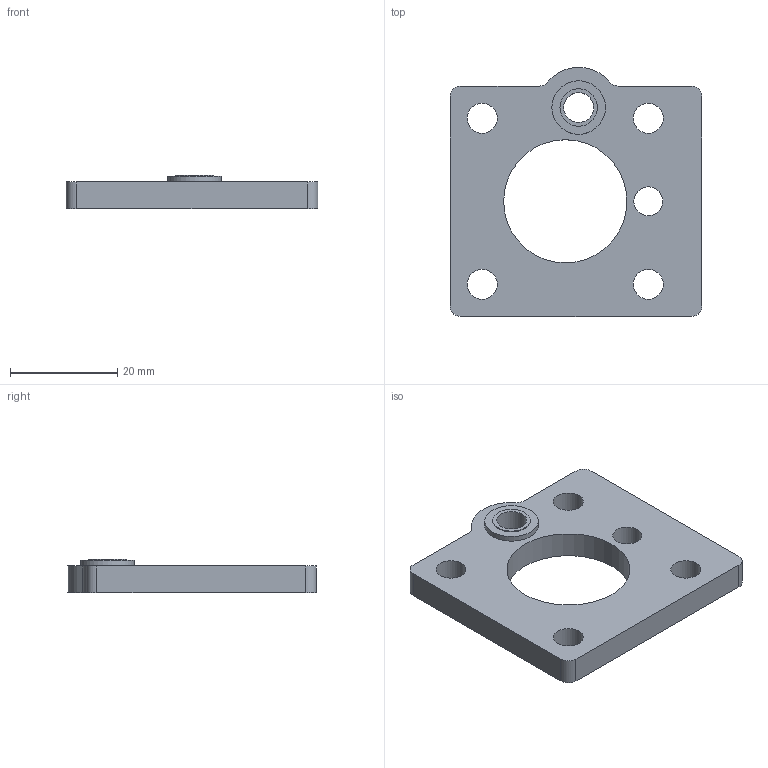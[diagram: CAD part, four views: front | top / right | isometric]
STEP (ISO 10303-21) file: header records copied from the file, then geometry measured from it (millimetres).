
FILE_DESCRIPTION(/* description */ (''),/* implementation_level */ '2;1');
FILE_NAME(/* name */ 'Top left v5.step',/* time_stamp */ '2024-09-20T21:12:44+03:00',/* author */ (''),/* organization */ (''),/* preprocessor_version */ 'ST-DEVELOPER v20',/* originating_system */ 'Autodesk Translation Framework v13.14.0.145',/* authorisation */ '');
FILE_SCHEMA (('AUTOMOTIVE_DESIGN { 1 0 10303 214 3 1 1 }'));
Length unit declared in the file: millimetre
Products named in the file (1): Top left
Bounding box: 47 x 46.48 x 6.25 mm (x, y, z)
Volume: 7497.7 mm3; surface area: 4814.1 mm2
Topology: 1 solids, 1 shells, 25 faces, 63 edges, 42 vertices
Faces by surface type: cylinder 16, plane 9
Full cylindrical faces by diameter (mm): 5.4 x1, 5.6 x5, 7 x1, 10 x1, 23 x1
Entity records: 830 total; most frequent: DIRECTION 147, CARTESIAN_POINT 131, ORIENTED_EDGE 126, EDGE_CURVE 63, AXIS2_PLACEMENT_3D 58, VERTEX_POINT 42, EDGE_LOOP 41, CIRCLE 32
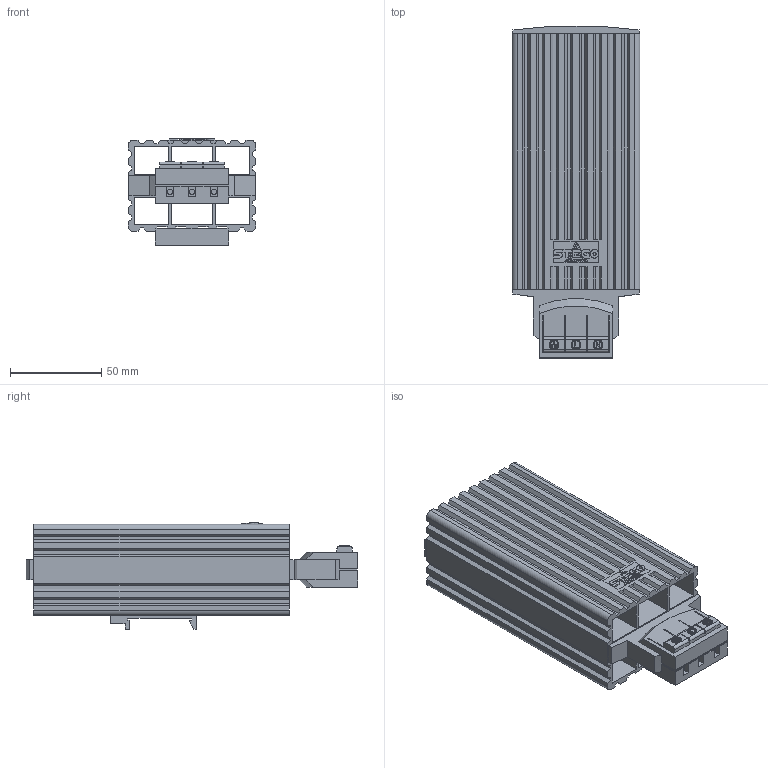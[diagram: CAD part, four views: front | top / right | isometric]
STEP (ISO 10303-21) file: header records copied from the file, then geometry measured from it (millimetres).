
FILE_DESCRIPTION (( 'STEP AP214' ), '1' );
FILE_NAME ('HG140_140mm_eplan_10_2012.STEP', '2012-10-26T12:08:22', ( 'Nutzer' ), ( '' ), 'SwSTEP 2.0', 'SolidWorks 2012', '' );
FILE_SCHEMA (( 'AUTOMOTIVE_DESIGN' ));
Length unit declared in the file: millimetre
Products named in the file (1): HG140_140mm_eplan_10_2012
Bounding box: 70 x 181.73 x 58.25 mm (x, y, z)
Volume: 248756.7 mm3; surface area: 112917.4 mm2
Topology: 10 solids, 10 shells, 501 faces, 1402 edges, 920 vertices
Faces by surface type: plane 420, bspline 46, cylinder 33, cone 2
Entity records: 16199 total; most frequent: CARTESIAN_POINT 3413, ORIENTED_EDGE 2804, DIRECTION 2288, EDGE_CURVE 1402, LINE 1234, VECTOR 1234, VERTEX_POINT 920, AXIS2_PLACEMENT_3D 527
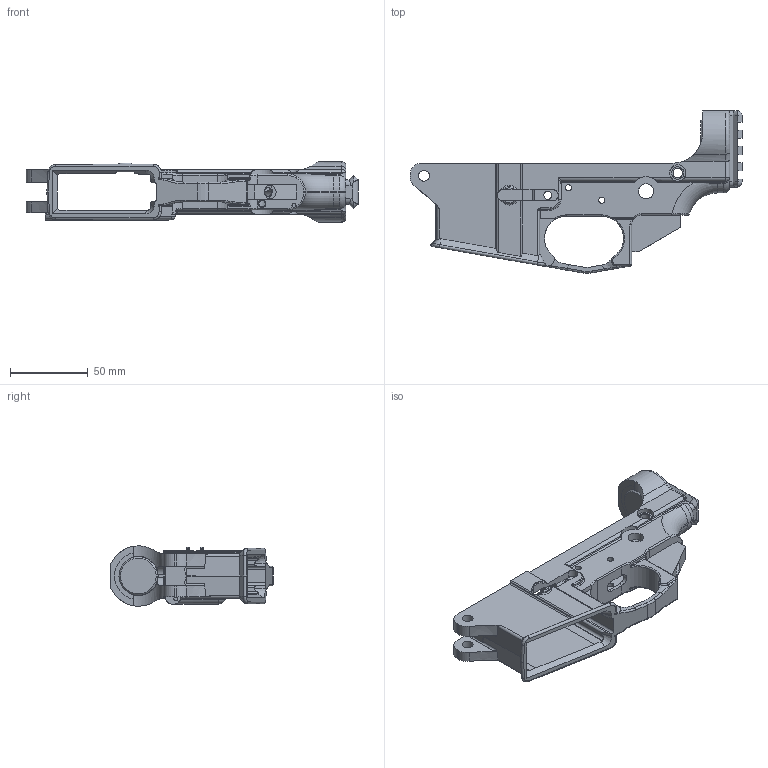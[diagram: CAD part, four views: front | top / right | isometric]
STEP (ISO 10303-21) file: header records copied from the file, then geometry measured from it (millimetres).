
FILE_DESCRIPTION(/* description */ (''),/* implementation_level */ '2;1');
FILE_NAME(/* name */ 'CM1522.step',/* time_stamp */ '2022-09-30T00:10:17-04:00',/* author */ (''),/* organization */ (''),/* preprocessor_version */ 'ST-DEVELOPER v19',/* originating_system */ 'Autodesk Translation Framework v11.7.0.108',/* authorisation */ '');
FILE_SCHEMA (('AUTOMOTIVE_DESIGN { 1 0 10303 214 3 1 1 }'));
Length unit declared in the file: millimetre
Products named in the file (3): Lower Receiver; Plug; Bevel
Assembly tree (2 placements, depth 3):
  Lower Receiver
    Plug
      Bevel
Bounding box: 213.55 x 104.4 x 38.75 mm (x, y, z)
Volume: 130329.2 mm3; surface area: 56702.2 mm2
Topology: 2 solids, 2 shells, 538 faces, 1437 edges, 893 vertices
Faces by surface type: cylinder 212, plane 192, bspline 86, torus 38, sphere 6, cone 4
Full cylindrical faces by diameter (mm): 2.5 x2, 3.962 x2, 4.2 x1, 4.262 x2, 4.9 x1, 5.182 x1, 5.537 x1, 6.175 x2, 7 x2, 7.925 x1, 9.85 x2, 10.476 x2
Entity records: 22084 total; most frequent: CARTESIAN_POINT 9018, ORIENTED_EDGE 2846, DIRECTION 2602, EDGE_CURVE 1423, AXIS2_PLACEMENT_3D 959, VERTEX_POINT 893, LINE 684, VECTOR 684

****************************************

Omit the pictures, then print the rest of the listing above exactly.

[diagram: CAD part, four views: front | top / right | isometric]
STEP (ISO 10303-21) file: header records copied from the file, then geometry measured from it (millimetres).
FILE_DESCRIPTION(/* description */ (''),/* implementation_level */ '2;1');
FILE_NAME(/* name */ 'Top left v5.step',/* time_stamp */ '2024-09-20T21:12:44+03:00',/* author */ (''),/* organization */ (''),/* preprocessor_version */ 'ST-DEVELOPER v20',/* originating_system */ 'Autodesk Translation Framework v13.14.0.145',/* authorisation */ '');
FILE_SCHEMA (('AUTOMOTIVE_DESIGN { 1 0 10303 214 3 1 1 }'));
Length unit declared in the file: millimetre
Products named in the file (1): Top left
Bounding box: 47 x 46.48 x 6.25 mm (x, y, z)
Volume: 7497.7 mm3; surface area: 4814.1 mm2
Topology: 1 solids, 1 shells, 25 faces, 63 edges, 42 vertices
Faces by surface type: cylinder 16, plane 9
Full cylindrical faces by diameter (mm): 5.4 x1, 5.6 x5, 7 x1, 10 x1, 23 x1
Entity records: 830 total; most frequent: DIRECTION 147, CARTESIAN_POINT 131, ORIENTED_EDGE 126, EDGE_CURVE 63, AXIS2_PLACEMENT_3D 58, VERTEX_POINT 42, EDGE_LOOP 41, CIRCLE 32
[diagram: CAD part, four views: front | top / right | isometric]
STEP (ISO 10303-21) file: header records copied from the file, then geometry measured from it (millimetres).
FILE_DESCRIPTION (( 'STEP AP214' ), '1' );
FILE_NAME ('HG140_140mm_eplan_10_2012.STEP', '2012-10-26T12:08:22', ( 'Nutzer' ), ( '' ), 'SwSTEP 2.0', 'SolidWorks 2012', '' );
FILE_SCHEMA (( 'AUTOMOTIVE_DESIGN' ));
Length unit declared in the file: millimetre
Products named in the file (1): HG140_140mm_eplan_10_2012
Bounding box: 70 x 181.73 x 58.25 mm (x, y, z)
Volume: 248756.7 mm3; surface area: 112917.4 mm2
Topology: 10 solids, 10 shells, 501 faces, 1402 edges, 920 vertices
Faces by surface type: plane 420, bspline 46, cylinder 33, cone 2
Entity records: 16199 total; most frequent: CARTESIAN_POINT 3413, ORIENTED_EDGE 2804, DIRECTION 2288, EDGE_CURVE 1402, LINE 1234, VECTOR 1234, VERTEX_POINT 920, AXIS2_PLACEMENT_3D 527
[diagram: CAD part, four views: front | top / right | isometric]
STEP (ISO 10303-21) file: header records copied from the file, then geometry measured from it (millimetres).
FILE_DESCRIPTION(/* description */ (''),/* implementation_level */ '2;1');
FILE_NAME(/* name */ 'CM1522.step',/* time_stamp */ '2022-09-30T00:10:17-04:00',/* author */ (''),/* organization */ (''),/* preprocessor_version */ 'ST-DEVELOPER v19',/* originating_system */ 'Autodesk Translation Framework v11.7.0.108',/* authorisation */ '');
FILE_SCHEMA (('AUTOMOTIVE_DESIGN { 1 0 10303 214 3 1 1 }'));
Length unit declared in the file: millimetre
Products named in the file (3): Lower Receiver; Plug; Bevel
Assembly tree (2 placements, depth 3):
  Lower Receiver
    Plug
      Bevel
Bounding box: 213.55 x 104.4 x 38.75 mm (x, y, z)
Volume: 130329.2 mm3; surface area: 56702.2 mm2
Topology: 2 solids, 2 shells, 538 faces, 1437 edges, 893 vertices
Faces by surface type: cylinder 212, plane 192, bspline 86, torus 38, sphere 6, cone 4
Full cylindrical faces by diameter (mm): 2.5 x2, 3.962 x2, 4.2 x1, 4.262 x2, 4.9 x1, 5.182 x1, 5.537 x1, 6.175 x2, 7 x2, 7.925 x1, 9.85 x2, 10.476 x2
Entity records: 22084 total; most frequent: CARTESIAN_POINT 9018, ORIENTED_EDGE 2846, DIRECTION 2602, EDGE_CURVE 1423, AXIS2_PLACEMENT_3D 959, VERTEX_POINT 893, LINE 684, VECTOR 684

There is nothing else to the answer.